2011 CAF Super Cup
| TP Mazembe | FUS Rabat |
| Democratic Republic of the Congo | Morocco |
| 0 | 0 |
- TP Mazembe won 9–8 on penalties
- Date: 29 January 2011
- Venue: Stade de la Kenya, Lubumbashi

= 2011 CAF Super Cup =

The 2011 CAF Super Cup (also known as the 2011 Orange CAF Super Cup for sponsorship reasons) was the 19th CAF Super Cup, an annual football match in Africa organized by the Confederation of African Football (CAF), between the winners of the previous season's two CAF club competitions, the CAF Champions League and the CAF Confederation Cup. The match was contested between TP Mazembe of the Democratic Republic of the Congo, the winner of the 2010 CAF Champions League, and FUS Rabat of Morocco, the winner of the 2010 CAF Confederation Cup. TP Mazembe won the trophy after beating FUS Rabat 9–8 in the penalty shoot-out, with the game ending 0–0.

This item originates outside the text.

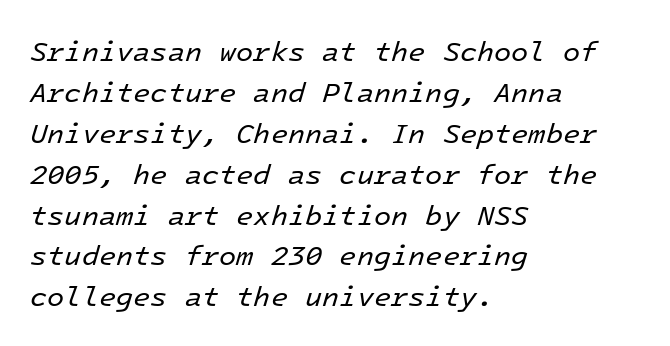
The image shows 28 px regular-weight type, italic (leaning right), monospaced; set left-aligned, normal line spacing (1.46x), normal letter spacing, not underlined; low stroke contrast and a medium x-height.

The hosts of the 2015 and 2017 Africa Cup of Nations tournaments were announced at the match.

==Teams==

| Team | Qualification | Previous participation (bold indicates winners) |
|---|---|---|
| COD TP Mazembe | 2010 CAF Champions League winner | 2010 |
| MAR FUS Rabat | 2010 CAF Confederation Cup winner | None |

==Rules==
The CAF Super Cup is played over one match, hosted by the winner of the CAF Champions League. Since 2011, the regulations have been changed such that in case of a draw the two teams would directly move to post match penalties (no extra time is played).